Adam Klauber – William Blair: On the homeowners, clearly, you’re beginning to see results. But given that that’s been a challenging line, not just for you, but for the industry, do you think you need to hit that with a fair amount of rate in 2014 on top of what you’re already doing this year?
Denise I. Lynch – Property & Casualty Group Executive President, Kemper Preferred: It’s our expectation to continue to manage that book of business until it meets our desired return. As I said before, this year we are expecting to file pretty substantial rate increase of about 14%. That’s higher than our original plan of about 10%. We’re managing that book of business with other coverage condition changes, risk selection issues and cat management, and we’ll watch the trends there and continue to take the actions that we need to get the results that we expect…
Adam Klauber – William Blair: Then as far as we look at Specialty or, what I call, non-standard segment. How is the competition in that market? Are you seeing – traditionally you have some MGAs with fair amount of capacity, and then you have some large nationals, you have some regionals. I guess, what are the different competitive forces doing right now?

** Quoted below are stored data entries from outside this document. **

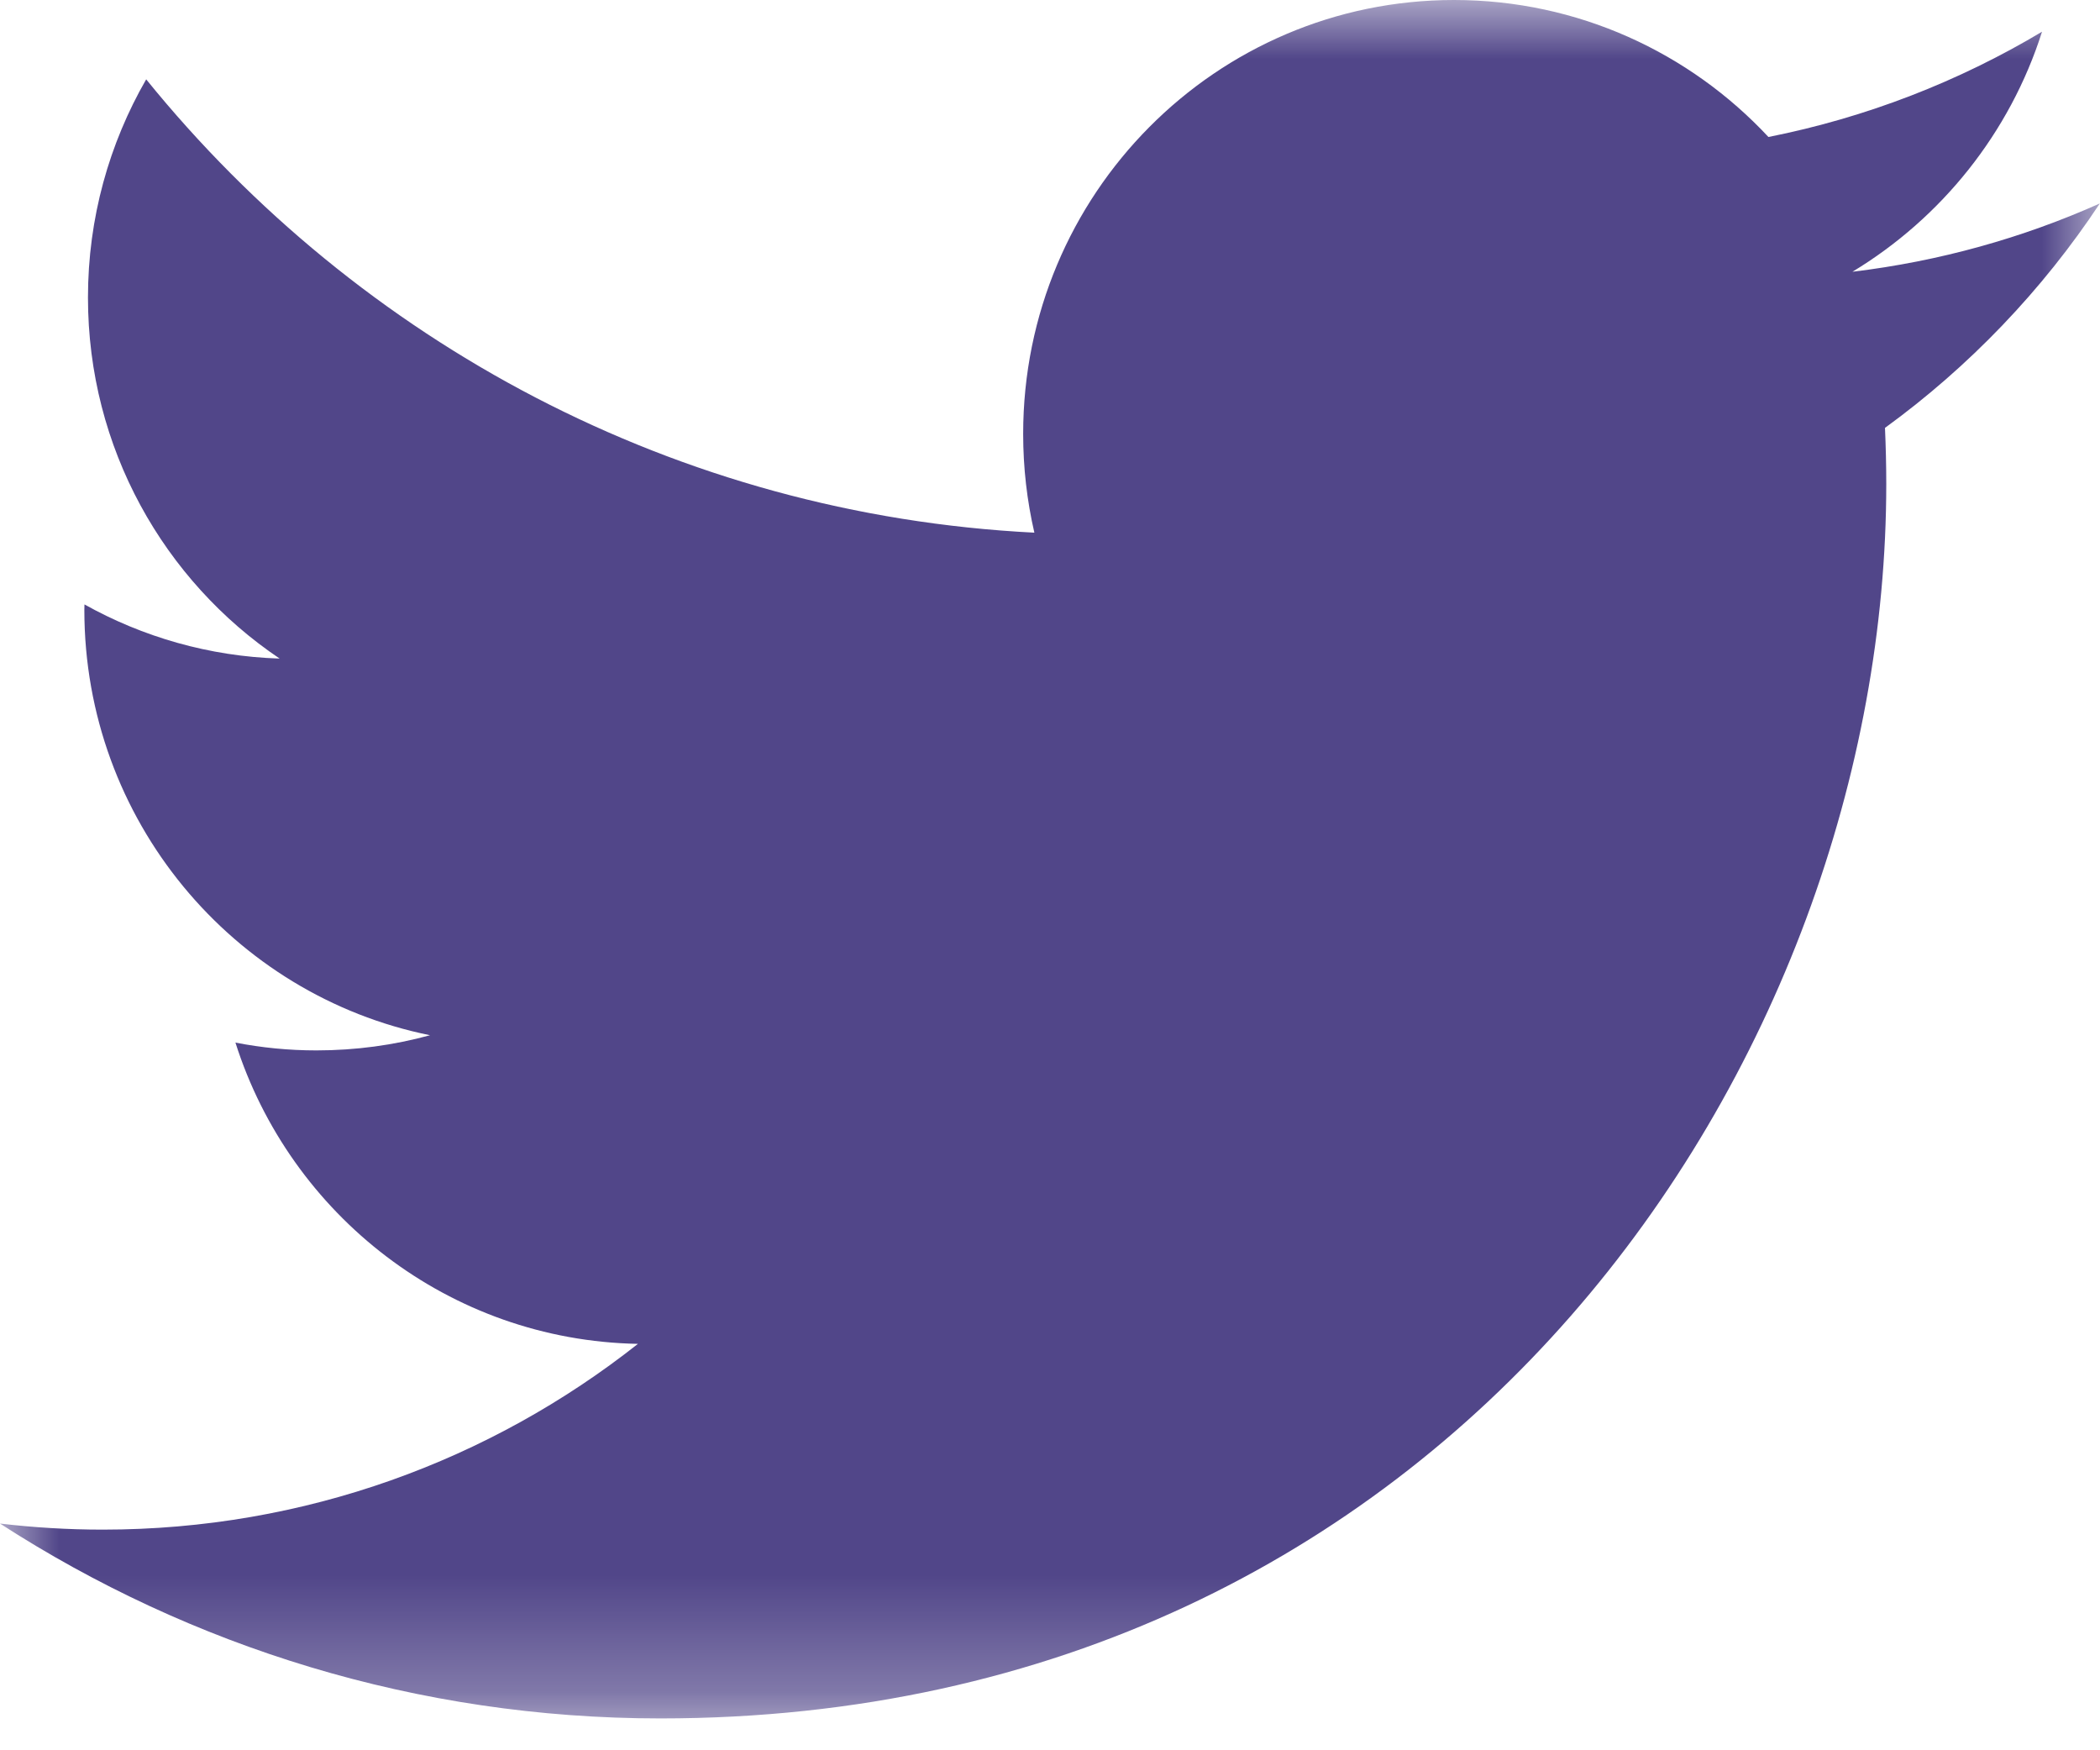 <?xml version="1.0" encoding="UTF-8"?>
<svg width="18px" height="15px" viewBox="0 0 18 15" version="1.1" xmlns="http://www.w3.org/2000/svg" xmlns:xlink="http://www.w3.org/1999/xlink">
    <!-- Generator: sketchtool 51.2 (57519) - http://www.bohemiancoding.com/sketch -->
    <title>219C4A87-0B07-4E12-A5DA-92AA426C1D39</title>
    <desc>Created with sketchtool.</desc>
    <defs>
        <polygon id="path-1" points="0 0 18 0 18 14.727 0 14.727"></polygon>
    </defs>
    <g id="Search-Mockups" stroke="none" stroke-width="1" fill="none" fill-rule="evenodd">
        <g id="Job-Details---Returning-Traveler" transform="translate(-217, -833)">
            <g id="Group-8" transform="translate(136, 820)">
                <g id="Group-2" transform="translate(70, 0)">
                    <g id="Icon---Twitter" transform="translate(11, 13)">
                        <mask id="mask-2" fill="white">
                            <use xlink:href="#path-1"></use>
                        </mask>
                        <g id="Clip-2"></g>
                        <path d="M18,1.743 C17.338,2.039 16.625,2.239 15.878,2.329 C16.641,1.868 17.227,1.14 17.503,0.272 C16.79,0.698 15.999,1.007 15.158,1.174 C14.484,0.451 13.525,0 12.463,0 C10.423,0 8.77,1.664 8.77,3.718 C8.77,4.009 8.803,4.293 8.866,4.565 C5.797,4.41 3.076,2.929 1.253,0.68 C0.937,1.229 0.754,1.867 0.754,2.55 C0.754,3.84 1.406,4.977 2.397,5.644 C1.791,5.625 1.222,5.458 0.724,5.18 C0.723,5.195 0.723,5.21 0.723,5.227 C0.723,7.028 1.996,8.53 3.686,8.872 C3.376,8.957 3.049,9.002 2.712,9.002 C2.474,9.002 2.243,8.979 2.018,8.935 C2.487,10.412 3.851,11.487 5.468,11.517 C4.204,12.515 2.611,13.109 0.881,13.109 C0.583,13.109 0.29,13.091 0,13.057 C1.634,14.112 3.575,14.727 5.661,14.727 C12.454,14.727 16.168,9.061 16.168,4.148 C16.168,3.987 16.164,3.826 16.157,3.667 C16.878,3.143 17.505,2.489 17.999,1.743 L18,1.743 Z" id="Fill-1" fill="#514689" mask="url(#mask-2)"></path>
                    </g>
                </g>
            </g>
        </g>
    </g>
</svg>

Denise I. Lynch – Property & Casualty Group Executive President, Kemper Preferred: Generally, I’d say that in our non-standard book of business what we’re seeing, our Specialty book of business what we’re seeing are firming market condition. Now, naturally its variable by geography, but overall what we’re seeing in firming market conditions with most competitors taking rates across the country.
Adam Klauber – William Blair: Sorry if you said this, but with the sale of the building, are those funds already at the holding company or are they at one of the subsidiaries?
Frank J. Sodaro – SVP and CFO: They are not directly at the holding company, but they’re not in the insurance subsidiaries either. So it’s a company right beneath the parent.
Adam Klauber – William Blair: I’m not sure if you said; you mentioned a gain, but as far as actually funds, you mentioned they’d pay off a mortgage. So what’s the resulting funds that you actually get after you pay off the mortgage?
Frank J. Sodaro – SVP and CFO: What will ultimately become available to parent will be somewhere in the range of $40 million to $45 million.
Adam Klauber – William Blair: So somewhat of a gain then?
Frank J. Sodaro – SVP and CFO: Correct.